Championing optimum nutrition for the mind


The process of memory decline and brain shrinkage associated with Alzheimer’s Disease is thought to occur over a 30 to 40 year period, hence the need for screening from age 50. Both high homocysteine (Hcy) levels, and low folic and B12 levels in blood correlate with increasing risk for AD. This article reviews the research evidence that support this position and discusses the follow on research questions: at what point in the process is cognitive decline reversible; and what dose of nutrients confers protection?

Alzheimer’s Disease

Alzheimer’s Disease (AD) is characterised by a progressive loss of cognitive functions including memory, language, judgment, praxis and orientation and is diagnosed on the basis of shrinking in the thickness of the medial temporal lobe, which is considered to be the primary pathology that generates the associated symptoms. [1] The detectable, preclinical phase of AD presents as mild cognitive impairment (MCI).[2] Episodic memory impairment is the most common initial symptom of MCI.[3] Poor performance in verbal or visuospatial memory recall, processing speed, attention and executive function tasks requiring planning or judgement & semantic fluency are common predictors of Alzheimer’s risk.[4] These are included in Food for the Brain’s Cognitive Function Test, which has been validated against existing best tests for these functions [18].

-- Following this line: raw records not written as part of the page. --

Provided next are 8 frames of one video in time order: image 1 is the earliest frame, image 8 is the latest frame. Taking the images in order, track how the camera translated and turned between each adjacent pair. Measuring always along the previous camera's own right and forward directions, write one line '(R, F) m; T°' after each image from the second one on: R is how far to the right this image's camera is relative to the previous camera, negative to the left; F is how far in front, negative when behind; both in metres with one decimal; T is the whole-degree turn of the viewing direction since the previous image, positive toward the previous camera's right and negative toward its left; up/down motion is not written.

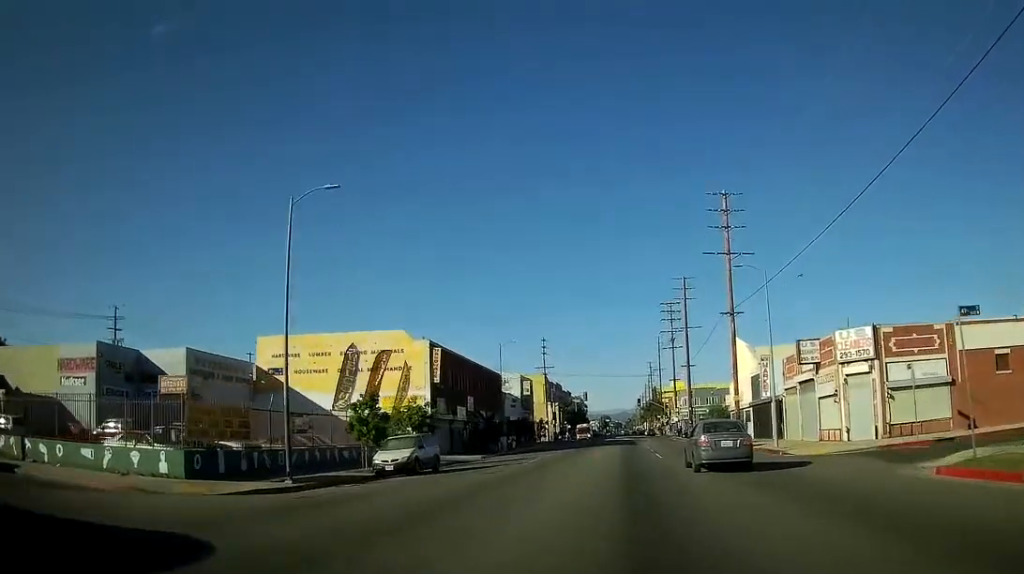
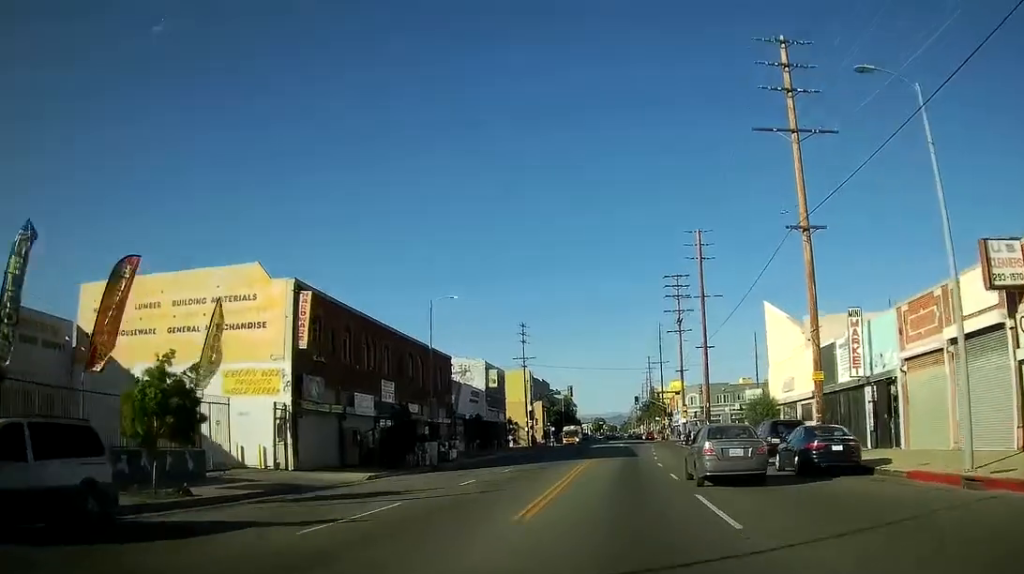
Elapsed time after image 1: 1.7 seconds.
(0.0, +23.1) m; 0°
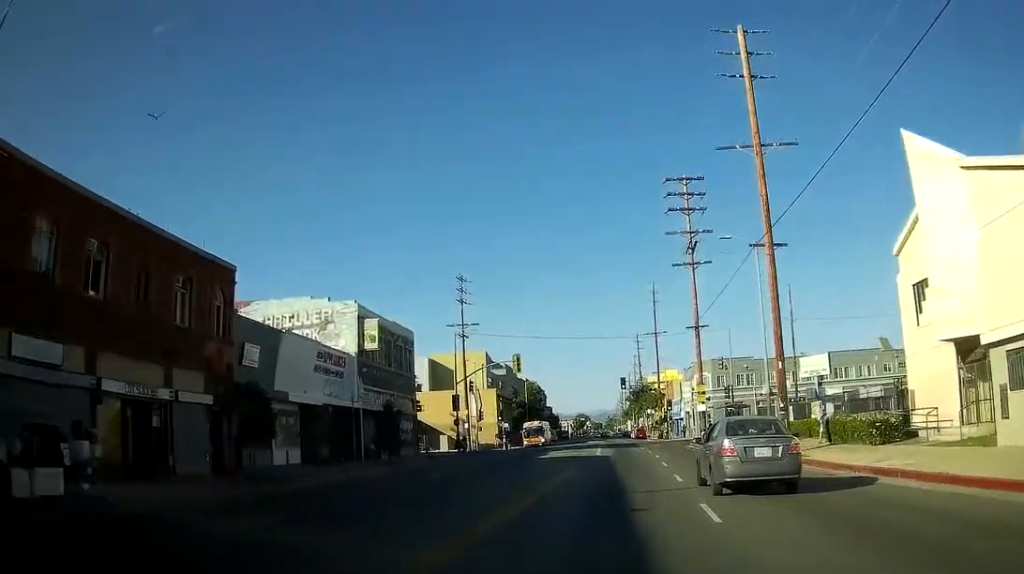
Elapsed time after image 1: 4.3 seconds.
(0.0, +34.8) m; +2°
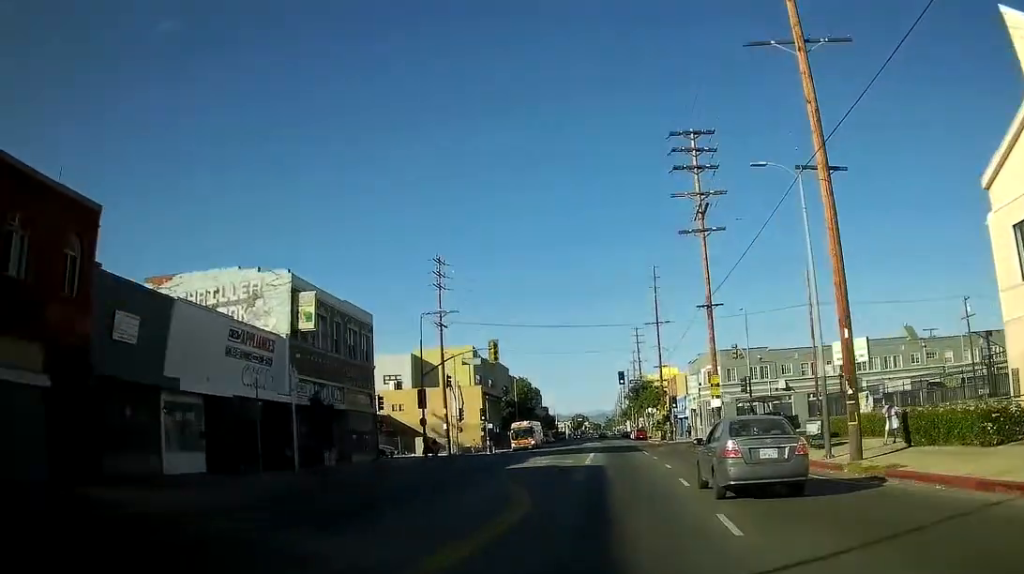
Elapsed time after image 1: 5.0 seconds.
(+0.3, +9.7) m; +1°
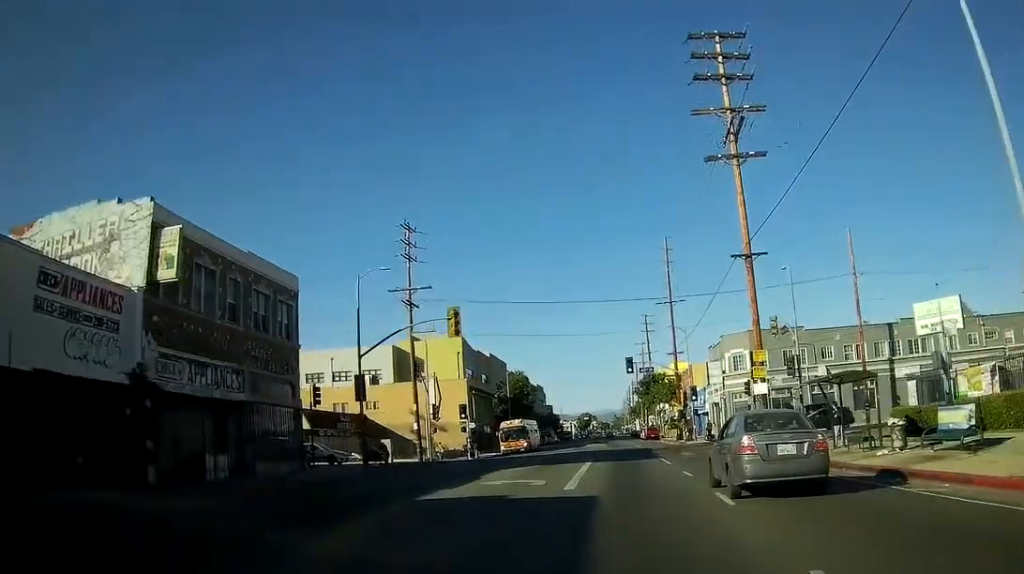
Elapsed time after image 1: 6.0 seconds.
(+0.1, +13.1) m; -2°
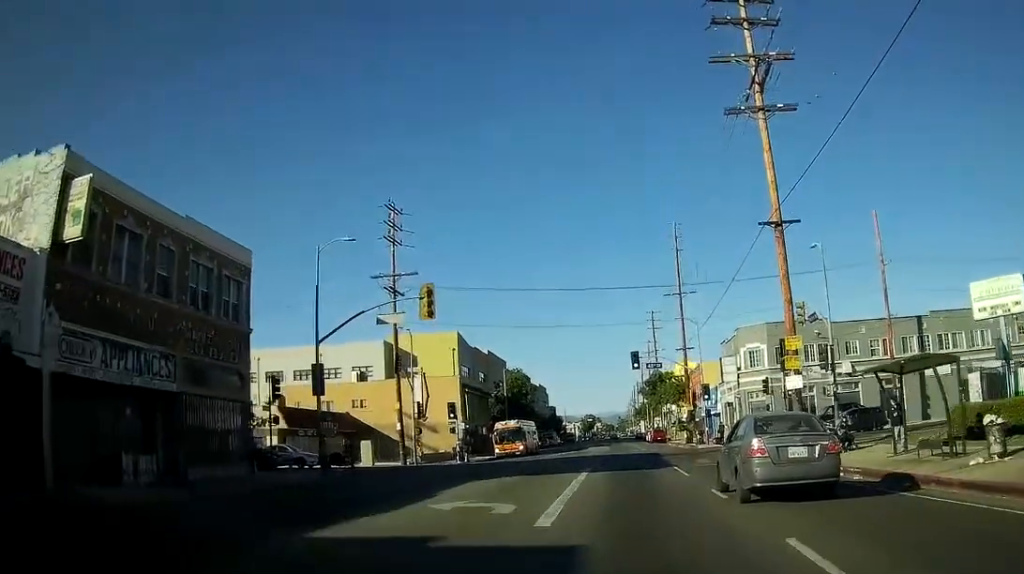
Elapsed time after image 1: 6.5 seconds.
(-0.2, +5.6) m; -1°
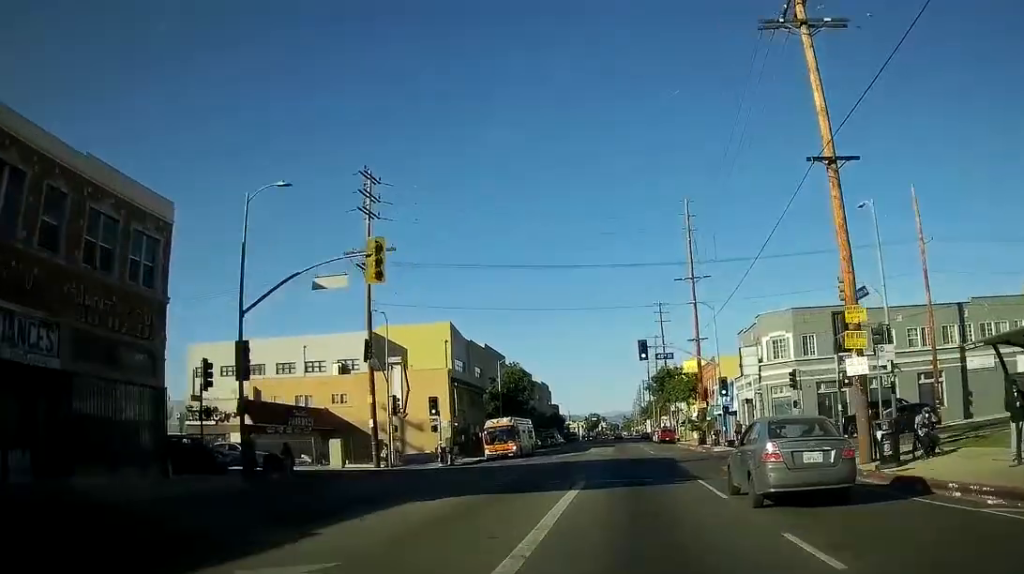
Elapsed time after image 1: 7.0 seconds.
(0.0, +7.3) m; 0°
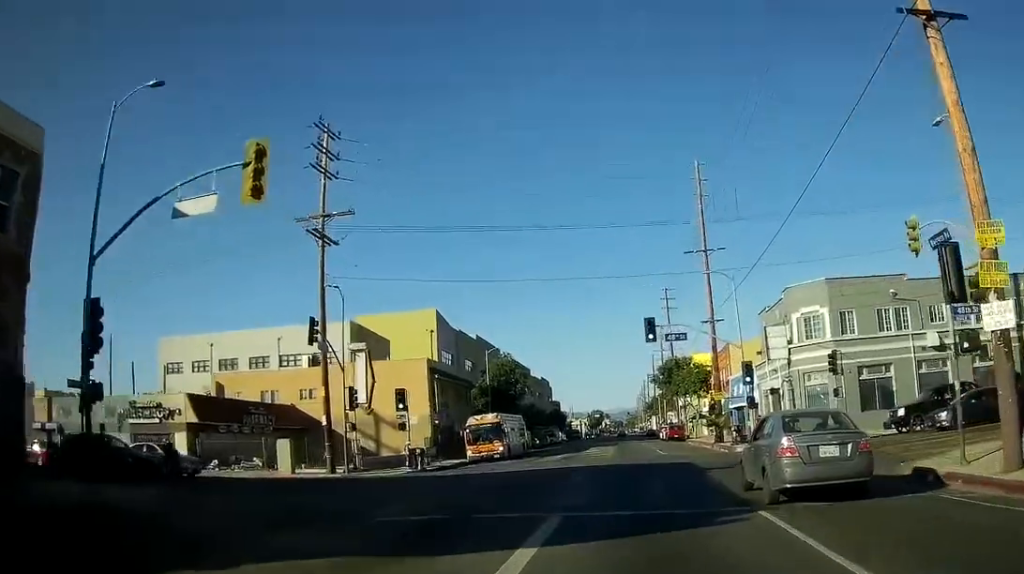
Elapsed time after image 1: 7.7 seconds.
(0.0, +8.1) m; 0°

The process of memory decline and brain shrinkage associated with AD is thought to occur over a 30 to 40 year period, hence identifying the need for screening from age 50.[1]

Figure 1 below shows the spread of Alzheimer’s neurodegeneration over 50 years (used with permission of AD Smith, adapted from PNAS, 2002 paper).

 

disease

 

Figure 1. Spread of Alzheimer’s neuro-degeneration over 50 years

 

High homocysteine, and low folic acid and B12 status as markers

Both high homocysteine (Hcy) levels, and low folic and B12 levels in blood correlate with increasing risk for AD according to a systematic review.[5] Another review[6], in 2008, concludes that: ‘Of seventy-seven cross-sectional studies on more than 34,000 subjects and 33 prospective studies on more than 12,000 subjects have shown associations between cognitive deficit or dementia and homocysteine and/or B vitamins’.

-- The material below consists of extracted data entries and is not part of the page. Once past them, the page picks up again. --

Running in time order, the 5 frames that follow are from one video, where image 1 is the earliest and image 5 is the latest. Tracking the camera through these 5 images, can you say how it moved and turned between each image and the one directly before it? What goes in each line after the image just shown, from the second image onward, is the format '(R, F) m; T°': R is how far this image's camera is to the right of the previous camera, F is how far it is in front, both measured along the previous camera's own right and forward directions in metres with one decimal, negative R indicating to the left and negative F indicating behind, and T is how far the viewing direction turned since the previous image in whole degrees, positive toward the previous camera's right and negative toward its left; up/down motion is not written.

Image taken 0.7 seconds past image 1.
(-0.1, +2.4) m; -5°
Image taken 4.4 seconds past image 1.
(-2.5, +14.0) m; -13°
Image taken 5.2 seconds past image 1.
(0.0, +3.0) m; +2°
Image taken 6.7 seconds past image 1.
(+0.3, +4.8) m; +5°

Hcy levels also predict and correlate with rate of cognitive decline[7], as does B12 status[8]. There is, therefore, ample evidence to propose that lowering homocysteine by giving appropriate supplemental levels of homocysteine lowering nutrients, including B6, B12 and folic acid, would reduce risk. The main research questions are then: at what point in the process is cognitive decline reversible; and what dose of nutrients confers protection?

Homocysteine-lowering B vitamin treatment

Does lowering Hcy by supplementing B vitamins arrest cognitive decline?
Four studies have been published in this regard.

  • In older adults (>50 years) with raised Hcy (>13mmol/l), but not diagnosed with MCI, supplementing folic acid (0.8mg/d) versus placebo for three years resulted in a highly significant improvement in the memory, information processing speed and sensorimotor speed group than in the placebo group.[9]
  • Professor David Smith and his group at the Optima Project at the University of Oxford, investigated the effects of giving B vitamins versus placebo in a Randomised Control Trial (RCT), to those with MCI, measuring brain shrinkage with an MRI scan, as well as cognitive function[10]. In this study the level of Hcy, above 9.5 mmol/l, correlated with accelerated brain shrinkage and cognitive decline. Those given folic acid (0.8mg/d), vitamin B12 (0.5 mg/d) and B6 (20mg/d) had a significant reduction in the rate of brain shrinkage as shown in Figure 2 below.

HCY

Figure 2: Brain scan images showing a reduction in the rate of brain shrinkage in the active treatment group (used with permission of AD Smith, PLos ONE 2010)

 

The rate of atrophy in participants with homocysteine >13 mmol/L was 53% lower in the active treatment group as shown in Figure 3 below.

 

Figure3

 

Figure 3: The active treatment group showed a 53% lower atrophy rate (used with permission of AD Smith, PLos ONE 2010)

 

A greater rate of atrophy was associated with a lower final cognitive test scores. Also, the cortical regions of the brain that were relatively protected by the B vitamins are similar to those described as declining in those who develop AD.[11]

  • Dr Celeste de Jager, part of the Optima Project, evaluated changes in cognition in those with MCI in the previous study, either given B vitamins or placebo. The B vitamins slowed cognitive and clinical decline in people with MCI, in particular in those with elevated homocysteine.[12]
  • A further study headed by Professor David Smith found those people with raised homocysteine given B vitamins, compared to placebos, had an eight-fold reduction in shrinkage of the medial temporal lobe, which is the specific area of the brain that shrinks in Alzheimer’s.[13]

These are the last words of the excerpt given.